*Your goal:*
The reply must contain exactly the lines below from the one with "#209=VERTEX_POINT('',#665);" down to the one with "Products named in the file (1): 1358620000", both included, and nothing more; please omit the pictures.
##### Record excerpts
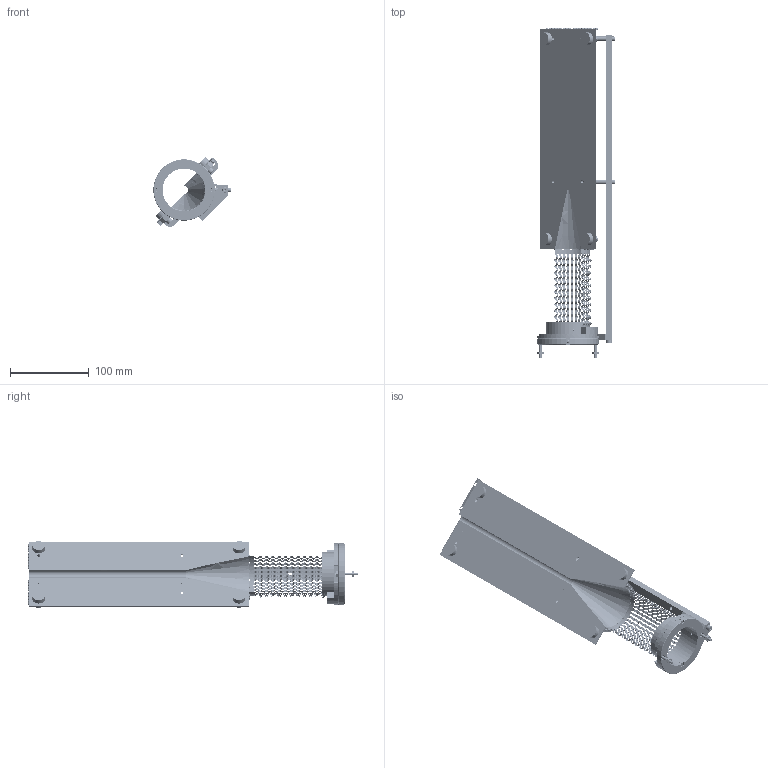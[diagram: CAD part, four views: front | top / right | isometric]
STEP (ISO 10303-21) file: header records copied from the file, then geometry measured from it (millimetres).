
FILE_DESCRIPTION(/* description */ (''),/* implementation_level */ '2;1');
FILE_NAME(/* name */ 'LHC-UNPOL-TARGET-TOOL-FOR-COATING_ASB.stp',/* time_stamp */ '2019-10-07T12:39:54+02:00',/* author */ (''),/* organization */ (''),/* preprocessor_version */ 'ST-DEVELOPER v16',/* originating_system */ 'SIEMENS PLM Software NX 11.0',/* authorisation */ '');
FILE_SCHEMA (('AUTOMOTIVE_DESIGN { 1 0 10303 214 3 1 1 1 }'));
Products named in the file (43): upstream-cell-floating-bar-connection1-V5; vite-M2x8; vite-M1.6x4; shaped-rivet-D2-L4; vite-TC-M2x12; vite-TC-M2x6; upstream-WFS-holder-2; upstream-WFS-holder-1; RF-foil-elct-connection-spring4-V6; RF-foil-elct-connection-spring2-V6; RF-foil-elct-connection-spring5-V6; RF-foil-elct-connection-spring3-V6; RF-foil-elct-connection-spring1-V6; RF-foil-electrical-connection-V7-L; unpol-target-WFS-upstream-L-V6; dado-M8; protection-plug; vite-M4x16; coating-upstream-flange-support; vite-M3x12; spacer-for-coating; support-bar-for-coating; tatget-support-cup-20-mm; upstream-wfs-CuBe2-cover-V6; half-unpol-target-L-V6; pin-D3x15; sphere-D2-WFS-cutter-V6; dado-M4; vite-exag-M4x25; engaging-flange-V6; upstream-WFS-connecting-flange; SUPPORT-FOR-COATING-L_ASB; ALIGNING-MIRRORS_ASB; UPSTREAM-WFS-HOLDER-L_ASB; FIXED-FLOATING-CONNECTION-L-UPSTREAM_ASB; FIXED-FLOATING-CONNECTION-L-DOWNSTREAM_ASB; FIXED-UNPOL-TARGET-FLOATING-SUPPORT-FOR-ALIGNMENT_ASB; RIVETS-1_ASB; TARGET-ELECTRICAL-CONTINUITY-L_ASB-V7; RIVETS_ASB ...
Assembly tree (105 placements, depth 5):
  LHC-UNPOL-TARGET-TOOL-FOR-COATING_ASB
    HALF-UNPOL-TARGET-TOOL-FOR-COATING-L_ASB
      UNPOL-TARGET-WFS-UPSTREAM-L_ASB-V6_NX-ARRAGMNTunpol-cell-closed
        unpol-target-WFS-upstream-L-V6
        RIVETS_ASB
          shaped-rivet-D2-L4  x16
      half-unpol-target-L-V6
      TARGET-ELECTRICAL-CONTINUITY-L_ASB-V7
        RF-foil-electrical-connection-V7-L
        RF-foil-elct-connection-spring1-V6
        RF-foil-elct-connection-spring3-V6
        RF-foil-elct-connection-spring5-V6
        RF-foil-elct-connection-spring2-V6
        RF-foil-elct-connection-spring4-V6
        RIVETS-1_ASB
          shaped-rivet-D2-L4  x18
      FIXED-UNPOL-TARGET-FLOATING-SUPPORT-FOR-ALIGNMENT_ASB
        FIXED-FLOATING-CONNECTION-L-DOWNSTREAM_ASB
          vite-M1.6x4  x2
          vite-M2x8
          upstream-cell-floating-bar-connection1-V5
        FIXED-FLOATING-CONNECTION-L-UPSTREAM_ASB
          vite-M1.6x4  x2
          vite-M2x8
          upstream-cell-floating-bar-connection1-V5
      upstream-wfs-CuBe2-cover-V6
      UPSTREAM-WFS-HOLDER-L_ASB
        upstream-WFS-holder-1
        upstream-WFS-holder-2
        vite-TC-M2x6  x8
        vite-TC-M2x12  x5
    upstream-WFS-connecting-flange
    engaging-flange-V6
    vite-exag-M4x25  x2
    dado-M4  x2
    sphere-D2-WFS-cutter-V6
    ALIGNING-MIRRORS_ASB
      tatget-support-cup-20-mm  x4
    pin-D3x15  x2
    SUPPORT-FOR-COATING-L_ASB
      support-bar-for-coating
      spacer-for-coating  x2
      vite-M3x12  x2
      coating-upstream-flange-support
      vite-M4x16
      protection-plug  x4
      dado-M8  x4
Bounding box: 98.46 x 422.3 x 88.67 mm (x, y, z)
Volume: 150331 mm3; surface area: 166107.7 mm2
Topology: 112 solids, 112 shells, 2865 faces, 7266 edges, 4665 vertices
Faces by surface type: plane 919, revolution 918, cylinder 495, cone 358, sphere 91, torus 72, bspline 12
Full cylindrical faces by diameter (mm): 1.25 x6, 1.496 x4, 1.6 x14, 1.8 x4, 1.886 x15, 2 x113, 2.2 x10, 2.5 x2, 2.6 x18, 2.874 x2, 3 x14, 3.3 x1, 3.354 x2, 3.4 x2, 3.432 x2, 3.8 x15, 3.838 x1, 4.3 x1, 4.4 x12, 5 x4, 5.5 x2, 5.88 x2, 6 x2, 6.2 x2, 6.985 x4, 7 x1, 8 x12, 10 x4, 14 x4, 16 x4
Entity records: 117988 total; most frequent: CARTESIAN_POINT 65914, ORIENTED_EDGE 10292, DIRECTION 10089, EDGE_CURVE 5146, AXIS2_PLACEMENT_3D 4004, VERTEX_POINT 3528, CIRCLE 2757, EDGE_LOOP 2622
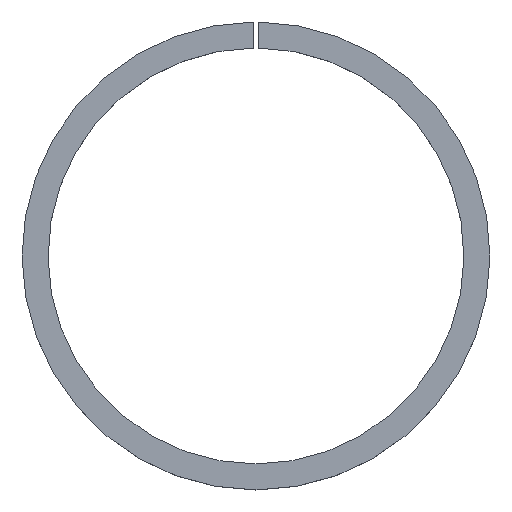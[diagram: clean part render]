
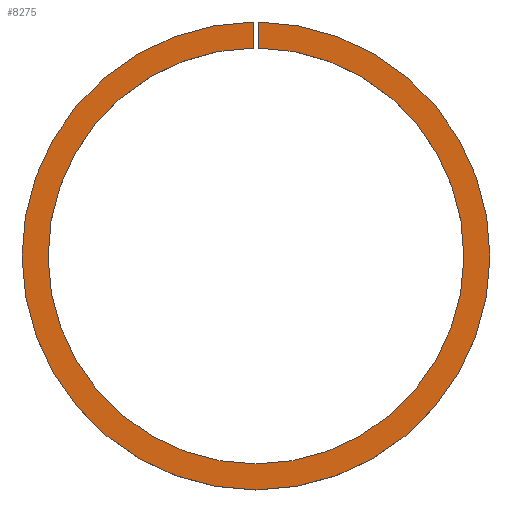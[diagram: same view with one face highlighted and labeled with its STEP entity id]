
A CAD part, top view. The second image highlights one B-rep face of the part: STEP entity #8275.
In plain terms, the highlighted planar face has unit normal (0, 0, 1).
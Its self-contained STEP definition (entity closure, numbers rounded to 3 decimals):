
#249 = ORIENTED_EDGE ( 'NONE', *, *, #11665, .F. ) ;
#372 = ORIENTED_EDGE ( 'NONE', *, *, #8527, .T. ) ;
#1038 = VERTEX_POINT ( 'NONE', #5693 ) ;
#1546 = LINE ( 'NONE', #1879, #6743 ) ;
#1768 = VERTEX_POINT ( 'NONE', #7676 ) ;
#1870 = DIRECTION ( 'NONE',  ( 0., 0., -1. ) ) ;
#1879 = CARTESIAN_POINT ( 'NONE',  ( 0.5, 0., 6. ) ) ;
#2295 = ORIENTED_EDGE ( 'NONE', *, *, #3252, .T. ) ;
#2335 = DIRECTION ( 'NONE',  ( 0., 0., -1. ) ) ;
#2448 = CARTESIAN_POINT ( 'NONE',  ( -0.5, 53.998, 6. ) ) ;
#2549 = ORIENTED_EDGE ( 'NONE', *, *, #3080, .F. ) ;
#3080 = EDGE_CURVE ( 'NONE', #1038, #6396, #5966, .T. ) ;
#3252 = EDGE_CURVE ( 'NONE', #4882, #1768, #10226, .T. ) ;
#3744 = DIRECTION ( 'NONE',  ( -1., 0., 0. ) ) ;
#3859 = CARTESIAN_POINT ( 'NONE',  ( 0., -48., 6. ) ) ;
#3870 = CARTESIAN_POINT ( 'NONE',  ( -0.5, 0., 6. ) ) ;
#4257 = AXIS2_PLACEMENT_3D ( 'NONE', #9898, #2335, #8915 ) ;
#4812 = PLANE ( 'NONE',  #9788 ) ;
#4882 = VERTEX_POINT ( 'NONE', #12153 ) ;
#5693 = CARTESIAN_POINT ( 'NONE',  ( 0.5, 53.998, 6. ) ) ;
#5966 = CIRCLE ( 'NONE', #4257, 54. ) ;
#6396 = VERTEX_POINT ( 'NONE', #2448 ) ;
#6612 = DIRECTION ( 'NONE',  ( 0., 1., 0. ) ) ;
#6684 = DIRECTION ( 'NONE',  ( -1., 0., 0. ) ) ;
#6743 = VECTOR ( 'NONE', #6612, 1000. ) ;
#7676 = CARTESIAN_POINT ( 'NONE',  ( -0.5, 47.997, 6. ) ) ;
#7722 = DIRECTION ( 'NONE',  ( 0., 1., 0. ) ) ;
#8275 = ADVANCED_FACE ( 'NONE', ( #8403 ), #4812, .F. ) ;
#8403 = FACE_OUTER_BOUND ( 'NONE', #9895, .T. ) ;
#8527 = EDGE_CURVE ( 'NONE', #1768, #6396, #9844, .T. ) ;
#8646 = DIRECTION ( 'NONE',  ( 0., 0., -1. ) ) ;
#8915 = DIRECTION ( 'NONE',  ( -1., 0., 0. ) ) ;
#9407 = VECTOR ( 'NONE', #7722, 1000. ) ;
#9788 = AXIS2_PLACEMENT_3D ( 'NONE', #3859, #8646, #6684 ) ;
#9844 = LINE ( 'NONE', #3870, #9407 ) ;
#9895 = EDGE_LOOP ( 'NONE', ( #2549, #249, #2295, #372 ) ) ;
#9898 = CARTESIAN_POINT ( 'NONE',  ( 0., 0., 6. ) ) ;
#10226 = CIRCLE ( 'NONE', #11417, 48. ) ;
#11234 = CARTESIAN_POINT ( 'NONE',  ( 0., 0., 6. ) ) ;
#11417 = AXIS2_PLACEMENT_3D ( 'NONE', #11234, #1870, #3744 ) ;
#11665 = EDGE_CURVE ( 'NONE', #4882, #1038, #1546, .T. ) ;
#12153 = CARTESIAN_POINT ( 'NONE',  ( 0.5, 47.997, 6. ) ) ;
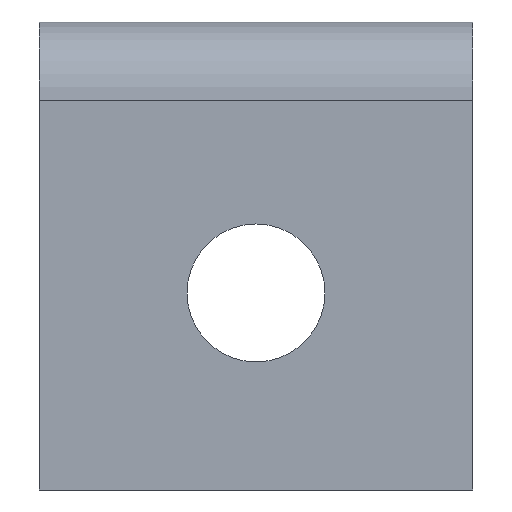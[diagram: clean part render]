
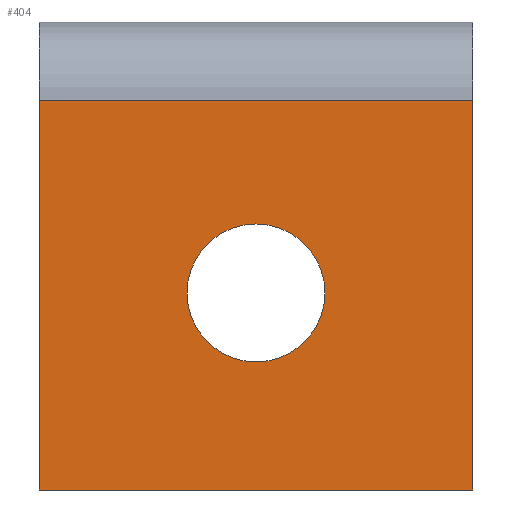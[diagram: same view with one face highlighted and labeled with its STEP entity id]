
A CAD part, front view. The second image highlights one B-rep face of the part: STEP entity #404.
In plain terms, the highlighted planar face has unit normal (0, -1, 0).
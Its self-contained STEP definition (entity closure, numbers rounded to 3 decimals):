
#19=FACE_BOUND('',#90,.T.);
#35=PLANE('',#466);
#60=FACE_OUTER_BOUND('',#89,.T.);
#89=EDGE_LOOP('',(#358,#359,#360,#361));
#90=EDGE_LOOP('',(#362));
#122=LINE('',#668,#161);
#126=LINE('',#683,#165);
#129=LINE('',#689,#168);
#130=LINE('',#690,#169);
#161=VECTOR('',#553,10.);
#165=VECTOR('',#573,10.);
#168=VECTOR('',#578,10.);
#169=VECTOR('',#579,10.);
#175=CIRCLE('',#435,7.);
#189=VERTEX_POINT('',#597);
#209=VERTEX_POINT('',#665);
#210=VERTEX_POINT('',#667);
#213=VERTEX_POINT('',#682);
#215=VERTEX_POINT('',#688);
#220=EDGE_CURVE('',#189,#189,#175,.T.);
#255=EDGE_CURVE('',#210,#209,#122,.T.);
#262=EDGE_CURVE('',#213,#210,#126,.T.);
#265=EDGE_CURVE('',#209,#215,#129,.T.);
#266=EDGE_CURVE('',#215,#213,#130,.T.);
#358=ORIENTED_EDGE('',*,*,#255,.T.);
#359=ORIENTED_EDGE('',*,*,#265,.T.);
#360=ORIENTED_EDGE('',*,*,#266,.T.);
#361=ORIENTED_EDGE('',*,*,#262,.T.);
#362=ORIENTED_EDGE('',*,*,#220,.T.);
#404=ADVANCED_FACE('',(#60,#19),#35,.F.);
#435=AXIS2_PLACEMENT_3D('',#598,#481,#482);
#466=AXIS2_PLACEMENT_3D('',#687,#576,#577);
#481=DIRECTION('center_axis',(0.,1.,0.));
#482=DIRECTION('ref_axis',(1.,0.,0.));
#553=DIRECTION('',(-1.,0.,0.));
#573=DIRECTION('',(0.,0.,1.));
#576=DIRECTION('center_axis',(0.,1.,0.));
#577=DIRECTION('ref_axis',(0.,0.,1.));
#578=DIRECTION('',(0.,0.,-1.));
#579=DIRECTION('',(1.,0.,0.));
#597=CARTESIAN_POINT('',(-29.,0.,-27.5));
#598=CARTESIAN_POINT('Origin',(-22.,0.,-27.5));
#665=CARTESIAN_POINT('',(-44.,0.,-8.));
#667=CARTESIAN_POINT('',(0.,0.,-8.));
#668=CARTESIAN_POINT('',(-11.,0.,-8.));
#682=CARTESIAN_POINT('',(0.,0.,-47.5));
#683=CARTESIAN_POINT('',(0.,0.,-47.5));
#687=CARTESIAN_POINT('Origin',(-22.,0.,-23.75));
#688=CARTESIAN_POINT('',(-44.,0.,-47.5));
#689=CARTESIAN_POINT('',(-44.,0.,0.));
#690=CARTESIAN_POINT('',(-44.,0.,-47.5));
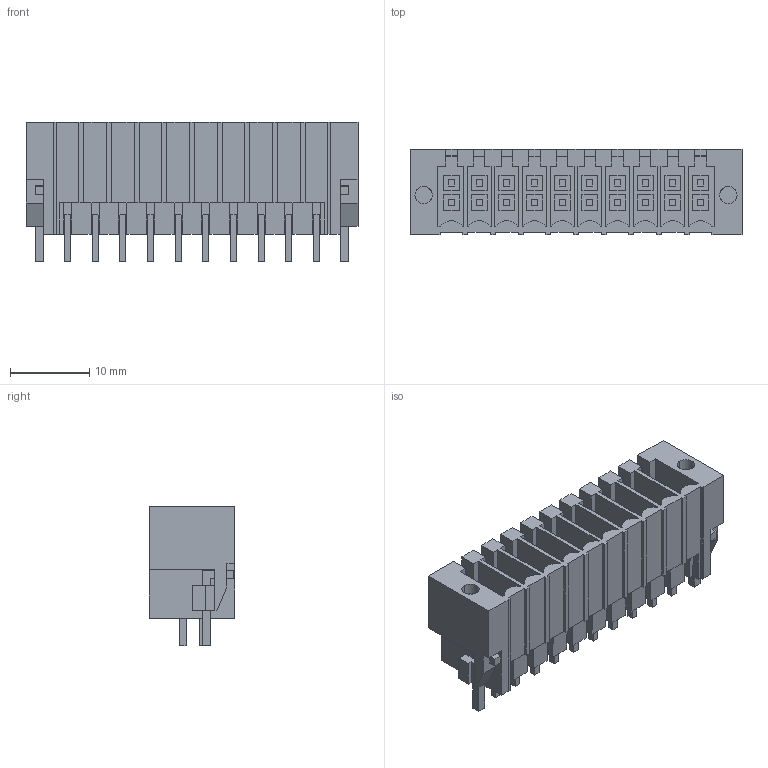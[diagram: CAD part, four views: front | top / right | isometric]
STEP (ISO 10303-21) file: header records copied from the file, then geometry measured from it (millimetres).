
FILE_DESCRIPTION(('CATIA V5 STEP Exchange','CAx-IF Rec.Pracs.--- Model Styling and Organization---1.2---2011-12-15'),'2;1');
FILE_NAME ('D1451404_0', '2018-03-29T13:31:07+00:00', ('none'), ('Weidmueller'), 'CATIA Version 5-6 Release 2014', 'CATIA V5 STEP AP214', 'none');
FILE_SCHEMA(('AUTOMOTIVE_DESIGN { 1 0 10303 214 1 1 1 1 }'));
Length unit declared in the file: millimetre
Products named in the file (1): 1358620000
Bounding box: 42 x 10.8 x 17.7 mm (x, y, z)
Volume: 3483.1 mm3; surface area: 7018.9 mm2
Topology: 23 solids, 23 shells, 765 faces, 2211 edges, 1525 vertices
Faces by surface type: plane 741, cylinder 24
Entity records: 23053 total; most frequent: ORIENTED_EDGE 4422, CARTESIAN_POINT 4159, DIRECTION 2987, EDGE_CURVE 2211, VECTOR 2163, LINE 2163, VERTEX_POINT 1525, EDGE_LOOP 842
##########
*Result of the exercise:*
#209=VERTEX_POINT('',#665);
#210=VERTEX_POINT('',#667);
#213=VERTEX_POINT('',#682);
#215=VERTEX_POINT('',#688);
#220=EDGE_CURVE('',#189,#189,#175,.T.);
#255=EDGE_CURVE('',#210,#209,#122,.T.);
#262=EDGE_CURVE('',#213,#210,#126,.T.);
#265=EDGE_CURVE('',#209,#215,#129,.T.);
#266=EDGE_CURVE('',#215,#213,#130,.T.);
#358=ORIENTED_EDGE('',*,*,#255,.T.);
#359=ORIENTED_EDGE('',*,*,#265,.T.);
#360=ORIENTED_EDGE('',*,*,#266,.T.);
#361=ORIENTED_EDGE('',*,*,#262,.T.);
#362=ORIENTED_EDGE('',*,*,#220,.T.);
#404=ADVANCED_FACE('',(#60,#19),#35,.F.);
#435=AXIS2_PLACEMENT_3D('',#598,#481,#482);
#466=AXIS2_PLACEMENT_3D('',#687,#576,#577);
#481=DIRECTION('center_axis',(0.,1.,0.));
#482=DIRECTION('ref_axis',(1.,0.,0.));
#553=DIRECTION('',(-1.,0.,0.));
#573=DIRECTION('',(0.,0.,1.));
#576=DIRECTION('center_axis',(0.,1.,0.));
#577=DIRECTION('ref_axis',(0.,0.,1.));
#578=DIRECTION('',(0.,0.,-1.));
#579=DIRECTION('',(1.,0.,0.));
#597=CARTESIAN_POINT('',(-29.,0.,-27.5));
#598=CARTESIAN_POINT('Origin',(-22.,0.,-27.5));
#665=CARTESIAN_POINT('',(-44.,0.,-8.));
#667=CARTESIAN_POINT('',(0.,0.,-8.));
#668=CARTESIAN_POINT('',(-11.,0.,-8.));
#682=CARTESIAN_POINT('',(0.,0.,-47.5));
#683=CARTESIAN_POINT('',(0.,0.,-47.5));
#687=CARTESIAN_POINT('Origin',(-22.,0.,-23.75));
#688=CARTESIAN_POINT('',(-44.,0.,-47.5));
#689=CARTESIAN_POINT('',(-44.,0.,0.));
#690=CARTESIAN_POINT('',(-44.,0.,-47.5));
[diagram: CAD part, four views: front | top / right | isometric]
STEP (ISO 10303-21) file: header records copied from the file, then geometry measured from it (millimetres).
FILE_DESCRIPTION(('CATIA V5 STEP Exchange','CAx-IF Rec.Pracs.--- Model Styling and Organization---1.2---2011-12-15'),'2;1');
FILE_NAME ('D1451404_0', '2018-03-29T13:31:07+00:00', ('none'), ('Weidmueller'), 'CATIA Version 5-6 Release 2014', 'CATIA V5 STEP AP214', 'none');
FILE_SCHEMA(('AUTOMOTIVE_DESIGN { 1 0 10303 214 1 1 1 1 }'));
Length unit declared in the file: millimetre
Products named in the file (1): 1358620000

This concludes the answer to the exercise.